Diana laughed gaily. She took him round the neck and kissed him. But he seized her vehemently and drew her towards him, so that Diana's heart seemed to cease beating for a second. Her spirit darkened. She closed her eyes against her brother's soft cheek. Then she pulled herself free.
"You really mean that we shall work? The place will have to be very adequately warmed. There is rather a draught from the bay window."
"Why not in your bedroom?"
Again her heart seemed to stop beating. After a moment's hesitation she acquiesced.

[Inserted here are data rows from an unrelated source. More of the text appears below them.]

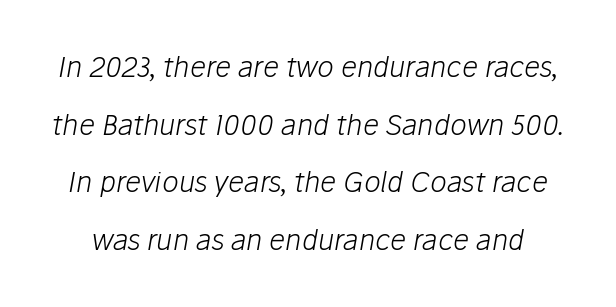
{"italic": "yes", "lean": "right", "slant_degrees": 10, "bold": "no", "weight": "light", "width": "normal", "stroke_contrast": "low", "x_height": "medium", "monospaced": "no", "underline": "no", "line_spacing": "loose", "line_spacing_ratio": 2.06, "letter_spacing": "normal", "letter_spacing_em": 0.0, "glyph_px": 28}
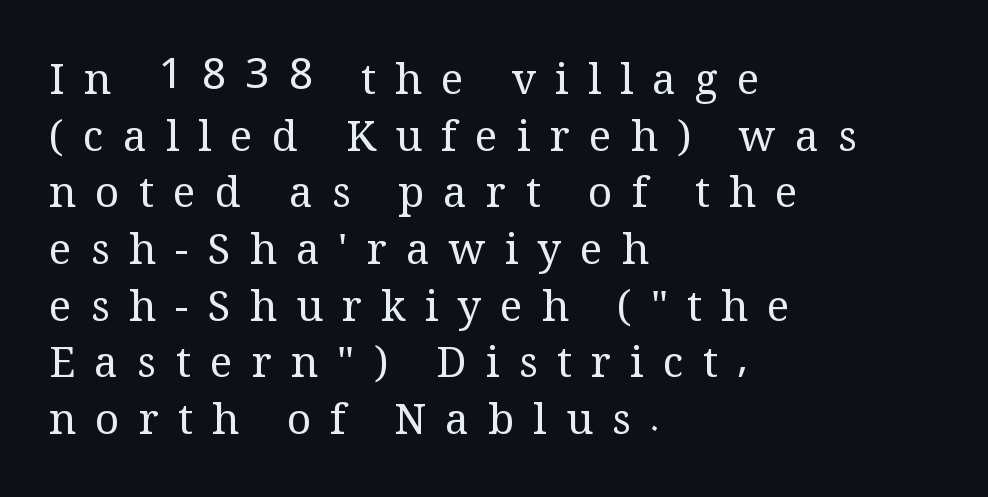
Q: Is the text bold? A: No.
Q: Is the text italic (slanted)? A: No, it is upright.
Q: Is the typeface a serif or a sans-serif typeface? A: Serif.
Q: Is the text underlined? A: No.
Q: How is the paragraph aligned? A: Left-aligned.
Q: Is the spacing between letters normal or unusually wide? A: Unusually wide.
Q: Is the spacing between lines tight, normal or loose? A: Normal.
Q: Width (condensed, normal, or wide)? A: Normal.
Q: Stroke contrast? A: Medium.
Q: x-height? A: Medium.
Q: Monospaced? A: No.

"And when do you wish to begin?"
"Tomorrow."
"Are you going to do some sketches first?"
"No, I'll start straight away with the clay."
"Good." After a pause, and with slight emphasis, she added: "Of course the work will belong to me."
"If it is a success," he answered unsteadily.
"That won't do. I must have it in any case."
"Agreed!" he laughed.
When he had gone, she stood deep in thought. It seemed to her that her limbs were made of lead, for her body readily responded to her mood. He had vowed he was not commissioned to do the work. Yet she felt uneasy.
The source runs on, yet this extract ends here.